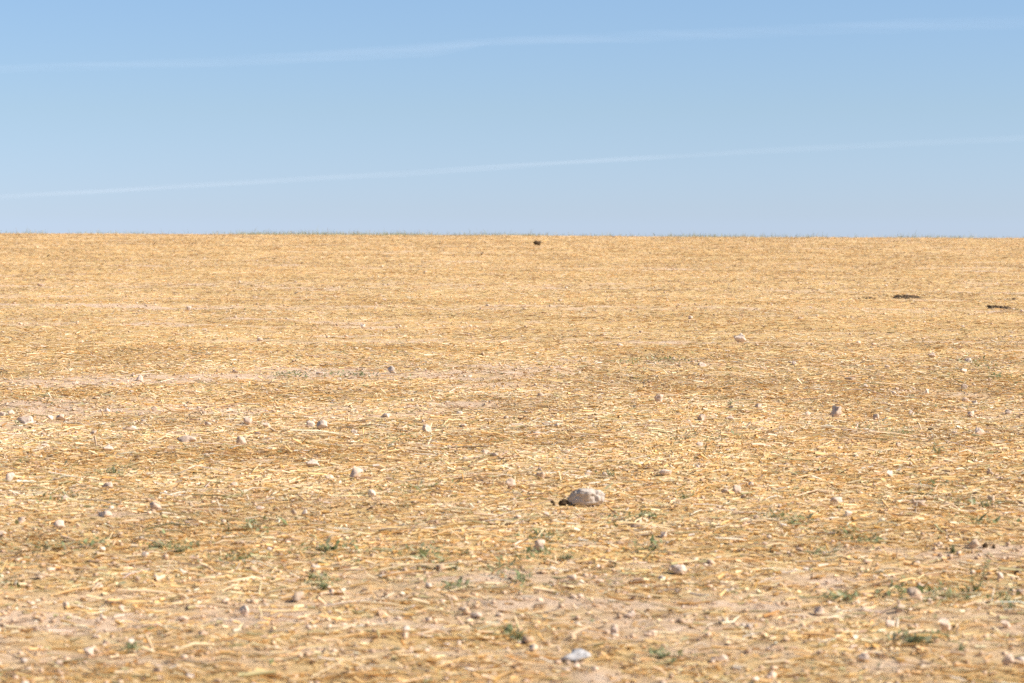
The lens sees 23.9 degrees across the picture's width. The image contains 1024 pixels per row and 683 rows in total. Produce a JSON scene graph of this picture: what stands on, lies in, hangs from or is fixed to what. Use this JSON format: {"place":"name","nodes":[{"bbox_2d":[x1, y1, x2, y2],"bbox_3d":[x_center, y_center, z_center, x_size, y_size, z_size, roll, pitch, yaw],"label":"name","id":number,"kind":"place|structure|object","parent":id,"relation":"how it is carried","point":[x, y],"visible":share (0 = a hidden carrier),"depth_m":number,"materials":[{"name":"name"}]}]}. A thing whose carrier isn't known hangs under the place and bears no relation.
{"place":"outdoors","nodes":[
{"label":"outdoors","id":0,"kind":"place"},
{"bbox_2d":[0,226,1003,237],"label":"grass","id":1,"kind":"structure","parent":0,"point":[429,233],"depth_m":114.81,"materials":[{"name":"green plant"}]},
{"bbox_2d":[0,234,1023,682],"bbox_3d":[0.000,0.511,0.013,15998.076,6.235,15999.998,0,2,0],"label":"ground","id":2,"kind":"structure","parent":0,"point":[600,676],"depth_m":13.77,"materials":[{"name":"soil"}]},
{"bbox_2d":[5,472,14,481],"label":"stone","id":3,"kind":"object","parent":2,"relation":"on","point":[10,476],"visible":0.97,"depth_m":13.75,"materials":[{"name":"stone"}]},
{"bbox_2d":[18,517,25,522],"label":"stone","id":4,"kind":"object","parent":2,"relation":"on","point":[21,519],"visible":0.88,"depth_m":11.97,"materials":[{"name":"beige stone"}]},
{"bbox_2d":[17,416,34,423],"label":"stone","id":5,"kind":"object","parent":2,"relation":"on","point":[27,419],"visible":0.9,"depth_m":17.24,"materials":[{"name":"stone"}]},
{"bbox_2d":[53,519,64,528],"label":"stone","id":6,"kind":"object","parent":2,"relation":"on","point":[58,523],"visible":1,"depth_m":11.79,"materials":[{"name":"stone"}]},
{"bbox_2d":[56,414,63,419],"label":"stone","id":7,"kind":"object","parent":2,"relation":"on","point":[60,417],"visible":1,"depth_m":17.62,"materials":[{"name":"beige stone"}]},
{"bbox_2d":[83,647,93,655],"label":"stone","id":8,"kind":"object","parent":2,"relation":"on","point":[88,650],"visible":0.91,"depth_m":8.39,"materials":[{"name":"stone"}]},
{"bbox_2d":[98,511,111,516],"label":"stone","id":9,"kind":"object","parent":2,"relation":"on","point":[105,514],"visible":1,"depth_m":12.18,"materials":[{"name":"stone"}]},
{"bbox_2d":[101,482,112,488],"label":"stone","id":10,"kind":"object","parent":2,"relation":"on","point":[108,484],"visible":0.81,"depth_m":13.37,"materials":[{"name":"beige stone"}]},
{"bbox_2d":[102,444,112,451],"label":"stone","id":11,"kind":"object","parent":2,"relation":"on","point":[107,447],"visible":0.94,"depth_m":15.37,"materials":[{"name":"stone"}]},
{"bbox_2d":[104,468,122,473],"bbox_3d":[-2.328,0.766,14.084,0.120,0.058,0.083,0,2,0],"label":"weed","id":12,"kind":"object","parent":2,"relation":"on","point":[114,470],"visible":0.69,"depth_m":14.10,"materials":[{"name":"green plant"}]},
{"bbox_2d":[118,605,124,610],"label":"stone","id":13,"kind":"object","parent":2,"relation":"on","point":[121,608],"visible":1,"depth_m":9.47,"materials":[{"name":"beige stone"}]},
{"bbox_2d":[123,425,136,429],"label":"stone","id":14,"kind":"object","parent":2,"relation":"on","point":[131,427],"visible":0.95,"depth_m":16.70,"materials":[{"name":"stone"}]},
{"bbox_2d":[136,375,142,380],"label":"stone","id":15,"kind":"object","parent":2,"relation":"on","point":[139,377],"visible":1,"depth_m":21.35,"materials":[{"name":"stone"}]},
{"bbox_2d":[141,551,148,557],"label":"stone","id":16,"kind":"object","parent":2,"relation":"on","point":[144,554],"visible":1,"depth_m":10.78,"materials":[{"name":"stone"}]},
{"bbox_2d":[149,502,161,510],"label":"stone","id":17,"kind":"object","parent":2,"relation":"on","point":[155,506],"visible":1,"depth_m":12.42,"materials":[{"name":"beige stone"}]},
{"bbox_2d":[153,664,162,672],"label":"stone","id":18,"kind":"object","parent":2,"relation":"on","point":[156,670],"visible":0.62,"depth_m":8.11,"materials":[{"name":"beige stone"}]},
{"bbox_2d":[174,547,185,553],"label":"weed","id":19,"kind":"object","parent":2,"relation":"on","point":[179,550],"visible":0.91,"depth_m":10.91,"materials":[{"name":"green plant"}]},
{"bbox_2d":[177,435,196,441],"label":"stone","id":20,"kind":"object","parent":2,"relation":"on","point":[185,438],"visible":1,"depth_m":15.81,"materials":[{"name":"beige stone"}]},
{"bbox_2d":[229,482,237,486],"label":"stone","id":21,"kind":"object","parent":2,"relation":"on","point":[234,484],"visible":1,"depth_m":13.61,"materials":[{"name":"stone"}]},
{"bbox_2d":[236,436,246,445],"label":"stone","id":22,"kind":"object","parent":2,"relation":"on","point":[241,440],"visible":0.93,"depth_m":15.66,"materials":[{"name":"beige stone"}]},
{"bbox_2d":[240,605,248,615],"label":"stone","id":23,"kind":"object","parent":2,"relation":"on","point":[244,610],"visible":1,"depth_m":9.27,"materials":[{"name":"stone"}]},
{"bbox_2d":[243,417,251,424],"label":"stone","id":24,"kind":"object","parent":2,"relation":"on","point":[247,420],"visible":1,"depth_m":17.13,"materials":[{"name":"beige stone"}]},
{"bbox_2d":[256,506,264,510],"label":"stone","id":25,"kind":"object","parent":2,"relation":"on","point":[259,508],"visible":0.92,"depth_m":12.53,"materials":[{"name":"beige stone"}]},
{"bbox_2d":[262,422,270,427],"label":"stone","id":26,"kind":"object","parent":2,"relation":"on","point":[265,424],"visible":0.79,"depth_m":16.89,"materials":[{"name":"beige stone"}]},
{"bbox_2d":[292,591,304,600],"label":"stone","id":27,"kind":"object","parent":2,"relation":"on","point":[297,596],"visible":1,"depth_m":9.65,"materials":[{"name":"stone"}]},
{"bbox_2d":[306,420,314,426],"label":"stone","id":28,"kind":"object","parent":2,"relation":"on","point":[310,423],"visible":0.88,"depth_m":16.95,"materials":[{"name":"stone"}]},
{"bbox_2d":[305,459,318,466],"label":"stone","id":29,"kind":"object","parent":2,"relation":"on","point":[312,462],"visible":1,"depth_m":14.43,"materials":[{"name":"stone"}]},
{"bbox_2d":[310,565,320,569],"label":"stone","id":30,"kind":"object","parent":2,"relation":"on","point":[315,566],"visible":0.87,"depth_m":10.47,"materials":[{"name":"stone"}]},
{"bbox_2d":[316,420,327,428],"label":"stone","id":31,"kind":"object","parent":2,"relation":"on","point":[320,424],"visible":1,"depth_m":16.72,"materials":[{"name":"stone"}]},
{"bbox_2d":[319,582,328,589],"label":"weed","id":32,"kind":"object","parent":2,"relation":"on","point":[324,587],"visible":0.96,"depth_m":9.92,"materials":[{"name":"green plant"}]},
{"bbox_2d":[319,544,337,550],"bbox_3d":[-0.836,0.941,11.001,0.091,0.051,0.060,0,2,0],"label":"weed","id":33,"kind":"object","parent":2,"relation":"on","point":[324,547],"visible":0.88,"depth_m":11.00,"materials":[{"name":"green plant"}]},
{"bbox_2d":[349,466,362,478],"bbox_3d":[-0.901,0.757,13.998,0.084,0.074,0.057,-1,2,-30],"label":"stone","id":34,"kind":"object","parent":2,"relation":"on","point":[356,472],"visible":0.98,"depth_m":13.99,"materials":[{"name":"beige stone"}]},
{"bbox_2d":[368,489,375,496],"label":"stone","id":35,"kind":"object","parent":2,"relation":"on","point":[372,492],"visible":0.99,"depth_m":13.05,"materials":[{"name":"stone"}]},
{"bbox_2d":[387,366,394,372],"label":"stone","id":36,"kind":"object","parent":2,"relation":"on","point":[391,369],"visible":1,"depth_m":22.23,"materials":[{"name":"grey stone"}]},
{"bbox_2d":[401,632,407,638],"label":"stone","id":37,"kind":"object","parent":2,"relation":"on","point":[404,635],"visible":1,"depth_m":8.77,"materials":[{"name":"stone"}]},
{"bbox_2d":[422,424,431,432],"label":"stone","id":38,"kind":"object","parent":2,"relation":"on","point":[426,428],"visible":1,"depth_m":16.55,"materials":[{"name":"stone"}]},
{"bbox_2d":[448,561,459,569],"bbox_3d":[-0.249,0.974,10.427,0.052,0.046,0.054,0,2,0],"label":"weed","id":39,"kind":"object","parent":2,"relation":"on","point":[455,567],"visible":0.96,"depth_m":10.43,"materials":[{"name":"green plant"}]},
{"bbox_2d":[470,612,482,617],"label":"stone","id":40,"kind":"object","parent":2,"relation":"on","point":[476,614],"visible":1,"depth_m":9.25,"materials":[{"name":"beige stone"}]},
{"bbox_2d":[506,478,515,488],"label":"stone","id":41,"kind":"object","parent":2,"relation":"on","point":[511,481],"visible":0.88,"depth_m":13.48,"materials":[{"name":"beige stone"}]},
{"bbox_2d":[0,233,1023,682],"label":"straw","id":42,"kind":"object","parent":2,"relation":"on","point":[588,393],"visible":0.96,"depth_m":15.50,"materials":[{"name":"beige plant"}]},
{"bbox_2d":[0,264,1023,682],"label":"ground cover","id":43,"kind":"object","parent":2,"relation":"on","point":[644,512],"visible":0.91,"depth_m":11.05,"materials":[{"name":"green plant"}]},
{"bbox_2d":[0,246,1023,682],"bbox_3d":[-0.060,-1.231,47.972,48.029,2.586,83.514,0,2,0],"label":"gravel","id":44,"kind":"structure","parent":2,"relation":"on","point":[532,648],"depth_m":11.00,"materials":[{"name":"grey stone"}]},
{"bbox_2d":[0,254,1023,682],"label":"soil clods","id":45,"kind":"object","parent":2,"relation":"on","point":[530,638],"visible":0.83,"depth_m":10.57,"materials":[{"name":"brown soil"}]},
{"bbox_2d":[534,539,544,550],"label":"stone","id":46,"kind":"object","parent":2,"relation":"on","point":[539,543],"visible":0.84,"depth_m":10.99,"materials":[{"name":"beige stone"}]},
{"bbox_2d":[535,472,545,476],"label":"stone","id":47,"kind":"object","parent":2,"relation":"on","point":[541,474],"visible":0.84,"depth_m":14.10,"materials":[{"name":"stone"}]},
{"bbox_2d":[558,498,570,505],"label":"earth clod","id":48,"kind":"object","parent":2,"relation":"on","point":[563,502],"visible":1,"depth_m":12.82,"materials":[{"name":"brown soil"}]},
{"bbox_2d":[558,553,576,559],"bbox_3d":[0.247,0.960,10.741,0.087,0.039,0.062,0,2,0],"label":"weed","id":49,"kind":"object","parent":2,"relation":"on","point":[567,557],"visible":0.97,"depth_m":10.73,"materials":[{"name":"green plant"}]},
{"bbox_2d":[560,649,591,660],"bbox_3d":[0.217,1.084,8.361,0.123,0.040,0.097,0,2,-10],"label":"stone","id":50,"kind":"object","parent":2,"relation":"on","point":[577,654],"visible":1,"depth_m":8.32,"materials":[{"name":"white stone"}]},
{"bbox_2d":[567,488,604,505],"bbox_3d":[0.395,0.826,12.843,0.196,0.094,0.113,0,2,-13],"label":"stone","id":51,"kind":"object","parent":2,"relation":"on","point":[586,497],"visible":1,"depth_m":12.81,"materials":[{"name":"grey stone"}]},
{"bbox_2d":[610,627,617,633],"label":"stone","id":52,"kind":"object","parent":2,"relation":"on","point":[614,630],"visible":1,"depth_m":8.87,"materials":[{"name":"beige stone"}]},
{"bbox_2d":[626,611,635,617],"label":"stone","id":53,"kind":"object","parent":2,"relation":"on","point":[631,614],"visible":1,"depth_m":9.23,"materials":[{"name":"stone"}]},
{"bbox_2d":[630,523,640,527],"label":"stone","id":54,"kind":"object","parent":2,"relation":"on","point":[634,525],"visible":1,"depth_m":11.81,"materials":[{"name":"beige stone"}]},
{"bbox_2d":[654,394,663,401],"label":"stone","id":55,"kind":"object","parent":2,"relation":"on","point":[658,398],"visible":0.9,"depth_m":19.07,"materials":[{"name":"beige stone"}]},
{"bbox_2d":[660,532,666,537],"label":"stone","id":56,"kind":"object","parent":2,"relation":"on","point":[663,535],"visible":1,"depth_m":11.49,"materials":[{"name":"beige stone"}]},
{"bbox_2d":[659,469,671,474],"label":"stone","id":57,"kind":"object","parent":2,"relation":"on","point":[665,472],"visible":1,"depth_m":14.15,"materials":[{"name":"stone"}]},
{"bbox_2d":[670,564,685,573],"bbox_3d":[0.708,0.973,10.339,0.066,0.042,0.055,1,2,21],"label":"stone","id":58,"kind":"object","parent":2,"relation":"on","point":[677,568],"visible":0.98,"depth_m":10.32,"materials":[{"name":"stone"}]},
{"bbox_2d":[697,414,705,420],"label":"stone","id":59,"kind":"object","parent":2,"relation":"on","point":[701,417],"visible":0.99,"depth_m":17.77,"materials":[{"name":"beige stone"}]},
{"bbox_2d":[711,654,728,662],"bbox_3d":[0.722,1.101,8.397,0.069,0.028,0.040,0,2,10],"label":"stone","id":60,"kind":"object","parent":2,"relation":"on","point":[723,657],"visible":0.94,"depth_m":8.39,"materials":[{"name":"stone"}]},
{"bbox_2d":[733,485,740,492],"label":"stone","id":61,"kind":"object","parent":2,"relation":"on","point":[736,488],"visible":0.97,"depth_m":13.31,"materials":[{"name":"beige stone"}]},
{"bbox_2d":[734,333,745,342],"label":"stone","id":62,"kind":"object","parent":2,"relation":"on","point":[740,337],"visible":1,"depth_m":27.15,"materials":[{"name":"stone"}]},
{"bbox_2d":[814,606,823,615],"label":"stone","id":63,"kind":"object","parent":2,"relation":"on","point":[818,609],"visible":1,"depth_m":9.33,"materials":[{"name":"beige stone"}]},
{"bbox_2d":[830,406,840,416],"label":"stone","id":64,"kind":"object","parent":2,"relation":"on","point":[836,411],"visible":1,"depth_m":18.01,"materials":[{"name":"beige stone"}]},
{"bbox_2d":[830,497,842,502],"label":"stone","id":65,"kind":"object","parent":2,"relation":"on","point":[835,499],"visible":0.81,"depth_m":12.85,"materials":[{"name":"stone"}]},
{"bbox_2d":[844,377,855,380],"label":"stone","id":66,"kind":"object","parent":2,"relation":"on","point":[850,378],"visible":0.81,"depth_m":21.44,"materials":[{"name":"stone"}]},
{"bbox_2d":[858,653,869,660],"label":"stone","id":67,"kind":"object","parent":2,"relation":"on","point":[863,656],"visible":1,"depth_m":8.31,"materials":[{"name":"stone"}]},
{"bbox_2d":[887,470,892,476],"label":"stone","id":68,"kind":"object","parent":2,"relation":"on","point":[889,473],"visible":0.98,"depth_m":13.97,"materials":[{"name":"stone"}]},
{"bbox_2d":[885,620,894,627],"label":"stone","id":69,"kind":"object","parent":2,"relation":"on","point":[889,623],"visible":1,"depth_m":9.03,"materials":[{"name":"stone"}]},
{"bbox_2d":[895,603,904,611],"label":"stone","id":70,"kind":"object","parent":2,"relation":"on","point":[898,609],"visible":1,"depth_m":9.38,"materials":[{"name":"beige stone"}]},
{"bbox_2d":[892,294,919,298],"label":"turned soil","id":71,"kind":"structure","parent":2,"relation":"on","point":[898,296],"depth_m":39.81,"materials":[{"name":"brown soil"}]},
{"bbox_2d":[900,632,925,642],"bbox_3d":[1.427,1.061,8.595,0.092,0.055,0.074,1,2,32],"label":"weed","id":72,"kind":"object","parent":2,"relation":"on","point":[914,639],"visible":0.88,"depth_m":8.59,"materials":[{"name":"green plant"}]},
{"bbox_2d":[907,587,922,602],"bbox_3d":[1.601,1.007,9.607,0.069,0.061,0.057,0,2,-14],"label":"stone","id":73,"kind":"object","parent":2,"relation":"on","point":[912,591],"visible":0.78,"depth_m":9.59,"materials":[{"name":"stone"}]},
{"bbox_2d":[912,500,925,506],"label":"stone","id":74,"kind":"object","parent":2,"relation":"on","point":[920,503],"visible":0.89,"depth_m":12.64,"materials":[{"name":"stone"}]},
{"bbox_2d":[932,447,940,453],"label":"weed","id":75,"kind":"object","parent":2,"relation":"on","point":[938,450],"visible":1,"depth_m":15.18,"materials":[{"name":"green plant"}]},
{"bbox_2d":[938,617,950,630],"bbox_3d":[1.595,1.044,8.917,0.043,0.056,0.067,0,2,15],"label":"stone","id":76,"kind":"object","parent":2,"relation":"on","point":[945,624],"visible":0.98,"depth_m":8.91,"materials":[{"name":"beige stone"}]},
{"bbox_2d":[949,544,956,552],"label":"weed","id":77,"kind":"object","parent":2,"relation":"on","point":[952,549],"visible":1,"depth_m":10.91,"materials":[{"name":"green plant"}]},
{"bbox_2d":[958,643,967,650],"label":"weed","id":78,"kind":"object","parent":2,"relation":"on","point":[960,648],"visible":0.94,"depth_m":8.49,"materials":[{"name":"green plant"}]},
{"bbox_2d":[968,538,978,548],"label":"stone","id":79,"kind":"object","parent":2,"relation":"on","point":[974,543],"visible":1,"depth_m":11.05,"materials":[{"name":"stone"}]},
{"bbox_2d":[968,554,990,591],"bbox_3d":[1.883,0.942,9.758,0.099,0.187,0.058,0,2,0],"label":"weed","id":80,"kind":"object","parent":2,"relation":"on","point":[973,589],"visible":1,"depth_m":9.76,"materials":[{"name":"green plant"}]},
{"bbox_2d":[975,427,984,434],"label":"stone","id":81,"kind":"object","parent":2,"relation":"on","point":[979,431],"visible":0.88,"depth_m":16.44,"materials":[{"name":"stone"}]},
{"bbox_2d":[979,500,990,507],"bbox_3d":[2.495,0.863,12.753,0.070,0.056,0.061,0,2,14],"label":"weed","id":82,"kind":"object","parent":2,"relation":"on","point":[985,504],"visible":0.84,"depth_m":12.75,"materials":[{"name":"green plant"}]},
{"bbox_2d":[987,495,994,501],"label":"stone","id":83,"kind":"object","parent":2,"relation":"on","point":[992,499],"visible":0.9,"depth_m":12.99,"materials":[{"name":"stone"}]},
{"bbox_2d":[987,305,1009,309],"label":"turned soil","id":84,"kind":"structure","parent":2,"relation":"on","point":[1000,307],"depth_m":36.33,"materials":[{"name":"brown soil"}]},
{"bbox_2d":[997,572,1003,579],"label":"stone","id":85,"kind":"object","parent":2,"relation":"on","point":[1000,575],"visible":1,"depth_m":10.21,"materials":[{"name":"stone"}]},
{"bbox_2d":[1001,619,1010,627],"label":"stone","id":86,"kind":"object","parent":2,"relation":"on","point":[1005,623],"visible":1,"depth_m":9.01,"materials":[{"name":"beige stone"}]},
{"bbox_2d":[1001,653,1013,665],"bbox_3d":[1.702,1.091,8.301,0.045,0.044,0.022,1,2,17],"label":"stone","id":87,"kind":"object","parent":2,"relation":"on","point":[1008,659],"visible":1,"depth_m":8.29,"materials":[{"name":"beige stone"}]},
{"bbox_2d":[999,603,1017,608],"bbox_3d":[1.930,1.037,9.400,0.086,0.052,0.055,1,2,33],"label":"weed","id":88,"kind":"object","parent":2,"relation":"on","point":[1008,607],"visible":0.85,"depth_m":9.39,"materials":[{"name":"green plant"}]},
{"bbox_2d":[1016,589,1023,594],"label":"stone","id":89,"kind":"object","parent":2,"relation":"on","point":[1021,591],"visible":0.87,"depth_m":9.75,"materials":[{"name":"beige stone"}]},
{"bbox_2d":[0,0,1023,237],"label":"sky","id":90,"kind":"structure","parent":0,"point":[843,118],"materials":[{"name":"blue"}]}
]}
-=-=-=-=-
* _Assignment_: Go through the records above. Copy each line in which the string "brown" appears.

* _Solution to the exercise_:
{"bbox_2d":[0,254,1023,682],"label":"soil clods","id":45,"kind":"object","parent":2,"relation":"on","point":[530,638],"visible":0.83,"depth_m":10.57,"materials":[{"name":"brown soil"}]},
{"bbox_2d":[558,498,570,505],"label":"earth clod","id":48,"kind":"object","parent":2,"relation":"on","point":[563,502],"visible":1,"depth_m":12.82,"materials":[{"name":"brown soil"}]},
{"bbox_2d":[892,294,919,298],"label":"turned soil","id":71,"kind":"structure","parent":2,"relation":"on","point":[898,296],"depth_m":39.81,"materials":[{"name":"brown soil"}]},
{"bbox_2d":[987,305,1009,309],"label":"turned soil","id":84,"kind":"structure","parent":2,"relation":"on","point":[1000,307],"depth_m":36.33,"materials":[{"name":"brown soil"}]},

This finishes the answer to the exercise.